Lorsque l’offre à tarif opposable (hôpital public, établissement de santé privé d’intérêt collectif (Espic) et secteur 1) est importante et bien diffusée sur le territoire, comme pour les accouchements, les patients des communes les plus privilégiées supportent davantage les dépassements. A l’inverse, lorsque le secteur 2 prédomine, les dépassements se répartissent davantage sur tous les types de patients, y compris ceux des communes les plus défavorisées. C’est le cas notamment pour la reconstruction du ligament croisé.

Les actes visés par l’étude sont courants (de 16 000 fois par an pour la prostatectomie, à 885 000 fois pour la cataracte) et totalisent à eux seuls près de 232 Ms € de dépassements en 2021. Un peu moins de la moitié est liée à la cataracte (112,2 M€). Ils s’élèvent à 22,2 Ms € pour les dents de sagesse, 18,9 Ms € pour les prothèses de hanche, et 14,8 Ms € pour les prothèses de genou.

«Les dépassements sur ces actes diffèrent à la fois en termes de fréquence et de montant. Par exemple, sur les quelque 267 000 accouchements par voie naturelle réalisés en 2021, seul un acte sur dix a fait l’objet d’un dépassement ; pour les 31 000 reconstructions du ligament croisé antérieur du genou par autogreffe, c’est le cas de sept actes sur dix», observe l’Irdes. Lorsqu’un dépassement est pratiqué, les montants atteignent en moyenne 175 € pour une conisation du col de l’utérus, et grimpent à 1 065 € pour une prostatectomie.
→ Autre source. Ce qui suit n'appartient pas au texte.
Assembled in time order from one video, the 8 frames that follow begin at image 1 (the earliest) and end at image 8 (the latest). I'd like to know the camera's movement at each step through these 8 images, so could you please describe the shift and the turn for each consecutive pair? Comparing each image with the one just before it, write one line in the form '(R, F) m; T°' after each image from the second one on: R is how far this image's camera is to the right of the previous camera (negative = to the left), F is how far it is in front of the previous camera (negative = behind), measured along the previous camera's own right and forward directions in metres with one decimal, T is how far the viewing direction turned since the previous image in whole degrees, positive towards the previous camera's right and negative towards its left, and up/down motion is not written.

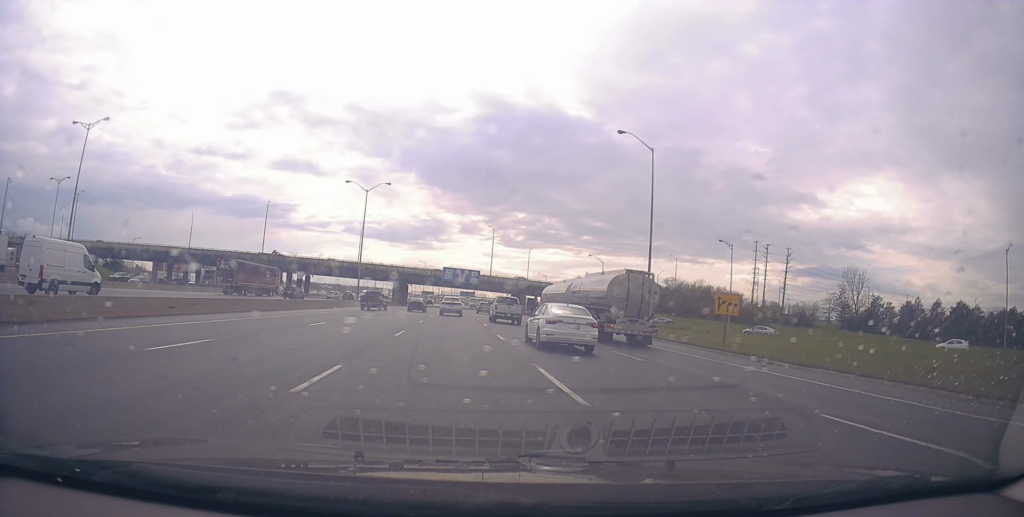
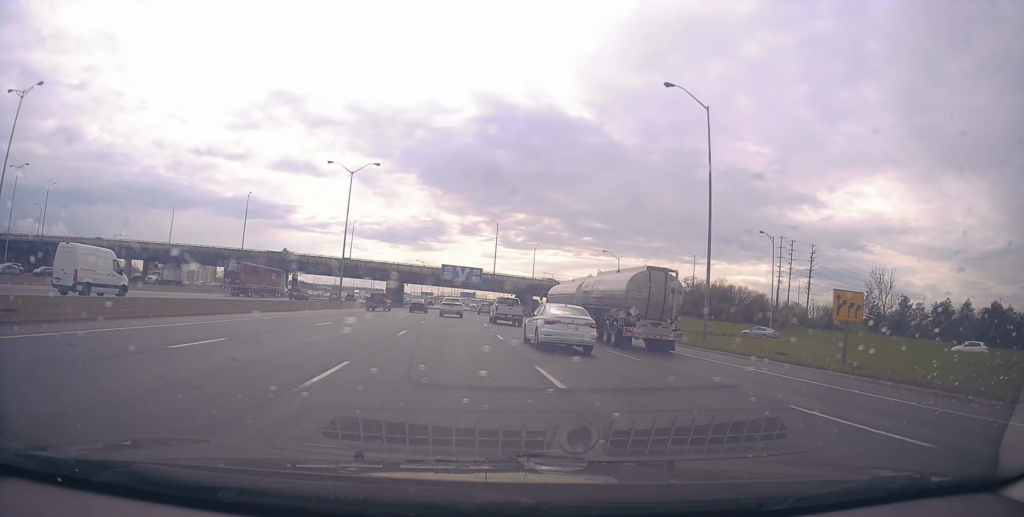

La part de patients exposés à des dépassements comme leurs montants moyens, restent toutefois toujours plus faibles chez les habitants des communes les moins favorisées que chez ceux des communes les plus aisées, mais avec des disparités selon les actes. Pour la sleeve, l’écart de fréquence est de 15 % et de 35 % pour le montant, en revanche pour l’accouchement par voie naturelle, ils s’envolent à respectivement 325 % et 76 %.

«Cette étude souligne les enjeux d’accessibilité financière dans les territoires, notamment les plus défavorisés socialement. Elle montre que si l’on souhaite réduire les dépassements pour les patients défavorisés, il convient de renforcer l’accessibilité à l’offre à tarif opposable dans les territoires, et en particulier pour les soins où celle-ci fait actuellement défaut», conclut l’Irdes.